→ **Instructions for the task**
Go through the data below and return each line containing the word "weighted".

Available data Start Marker

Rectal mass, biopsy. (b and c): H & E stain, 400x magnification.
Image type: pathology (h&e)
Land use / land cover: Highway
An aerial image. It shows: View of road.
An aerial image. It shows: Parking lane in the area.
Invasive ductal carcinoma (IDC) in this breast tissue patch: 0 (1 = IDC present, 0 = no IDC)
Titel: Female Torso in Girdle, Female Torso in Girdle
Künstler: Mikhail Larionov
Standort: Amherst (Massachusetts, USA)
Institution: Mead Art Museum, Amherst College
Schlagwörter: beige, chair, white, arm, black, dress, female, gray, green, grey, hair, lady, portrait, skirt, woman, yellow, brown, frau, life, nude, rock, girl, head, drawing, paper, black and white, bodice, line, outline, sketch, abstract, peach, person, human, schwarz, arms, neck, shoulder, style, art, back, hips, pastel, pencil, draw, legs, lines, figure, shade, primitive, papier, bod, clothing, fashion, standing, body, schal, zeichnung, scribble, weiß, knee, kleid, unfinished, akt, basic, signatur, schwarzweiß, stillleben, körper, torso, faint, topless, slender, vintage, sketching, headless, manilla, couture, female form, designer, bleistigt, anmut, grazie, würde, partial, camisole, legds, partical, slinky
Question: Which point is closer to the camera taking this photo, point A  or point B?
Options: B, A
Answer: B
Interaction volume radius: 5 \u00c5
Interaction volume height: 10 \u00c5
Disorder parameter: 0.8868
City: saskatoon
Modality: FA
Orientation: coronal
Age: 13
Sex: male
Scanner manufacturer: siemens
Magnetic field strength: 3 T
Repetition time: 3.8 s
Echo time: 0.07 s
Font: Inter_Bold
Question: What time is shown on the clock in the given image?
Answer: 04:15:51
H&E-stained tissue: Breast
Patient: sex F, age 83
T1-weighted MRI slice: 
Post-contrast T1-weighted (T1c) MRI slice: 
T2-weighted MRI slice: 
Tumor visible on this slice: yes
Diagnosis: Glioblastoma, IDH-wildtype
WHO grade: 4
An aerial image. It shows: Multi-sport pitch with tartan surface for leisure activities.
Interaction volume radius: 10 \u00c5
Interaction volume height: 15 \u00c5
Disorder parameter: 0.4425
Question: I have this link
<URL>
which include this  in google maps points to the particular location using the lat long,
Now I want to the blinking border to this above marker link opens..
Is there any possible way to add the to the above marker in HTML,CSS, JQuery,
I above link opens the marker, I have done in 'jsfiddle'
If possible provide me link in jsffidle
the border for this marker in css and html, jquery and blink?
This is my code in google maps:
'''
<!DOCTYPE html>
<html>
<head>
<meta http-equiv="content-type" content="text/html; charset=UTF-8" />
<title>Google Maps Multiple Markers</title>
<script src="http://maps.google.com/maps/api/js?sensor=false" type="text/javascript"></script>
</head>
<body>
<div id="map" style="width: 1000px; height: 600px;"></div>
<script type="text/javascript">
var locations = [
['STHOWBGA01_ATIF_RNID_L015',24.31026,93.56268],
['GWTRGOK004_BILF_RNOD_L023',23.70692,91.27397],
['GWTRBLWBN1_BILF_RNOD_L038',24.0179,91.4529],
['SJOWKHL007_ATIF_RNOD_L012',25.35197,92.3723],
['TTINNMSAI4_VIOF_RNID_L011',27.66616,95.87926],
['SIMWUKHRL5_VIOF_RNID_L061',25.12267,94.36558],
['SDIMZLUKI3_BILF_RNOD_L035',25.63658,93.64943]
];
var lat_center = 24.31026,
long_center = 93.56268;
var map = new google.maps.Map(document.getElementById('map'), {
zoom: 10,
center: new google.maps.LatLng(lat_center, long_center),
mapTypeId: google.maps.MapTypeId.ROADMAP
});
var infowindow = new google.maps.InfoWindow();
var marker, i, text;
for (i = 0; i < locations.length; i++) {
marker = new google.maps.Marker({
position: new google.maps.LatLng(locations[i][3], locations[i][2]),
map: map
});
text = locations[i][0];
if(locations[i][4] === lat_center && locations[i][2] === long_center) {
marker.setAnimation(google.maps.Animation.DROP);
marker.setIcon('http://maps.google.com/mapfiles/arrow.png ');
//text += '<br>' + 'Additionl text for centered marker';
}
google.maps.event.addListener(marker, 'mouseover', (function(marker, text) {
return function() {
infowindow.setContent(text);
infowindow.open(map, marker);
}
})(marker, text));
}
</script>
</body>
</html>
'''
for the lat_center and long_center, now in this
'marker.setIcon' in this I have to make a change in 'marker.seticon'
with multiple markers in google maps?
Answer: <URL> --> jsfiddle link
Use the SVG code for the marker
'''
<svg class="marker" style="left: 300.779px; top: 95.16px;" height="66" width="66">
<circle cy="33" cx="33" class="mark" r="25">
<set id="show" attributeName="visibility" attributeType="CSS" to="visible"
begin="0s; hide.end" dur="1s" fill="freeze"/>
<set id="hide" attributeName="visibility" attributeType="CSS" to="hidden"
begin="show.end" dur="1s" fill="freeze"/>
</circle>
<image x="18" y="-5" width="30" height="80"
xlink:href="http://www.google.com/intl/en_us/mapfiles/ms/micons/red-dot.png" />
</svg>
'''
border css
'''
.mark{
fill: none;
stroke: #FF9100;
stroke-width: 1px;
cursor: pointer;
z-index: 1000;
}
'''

Available data End Marker

→ **Output**
T1-weighted MRI slice: 
Post-contrast T1-weighted (T1c) MRI slice: 
T2-weighted MRI slice: 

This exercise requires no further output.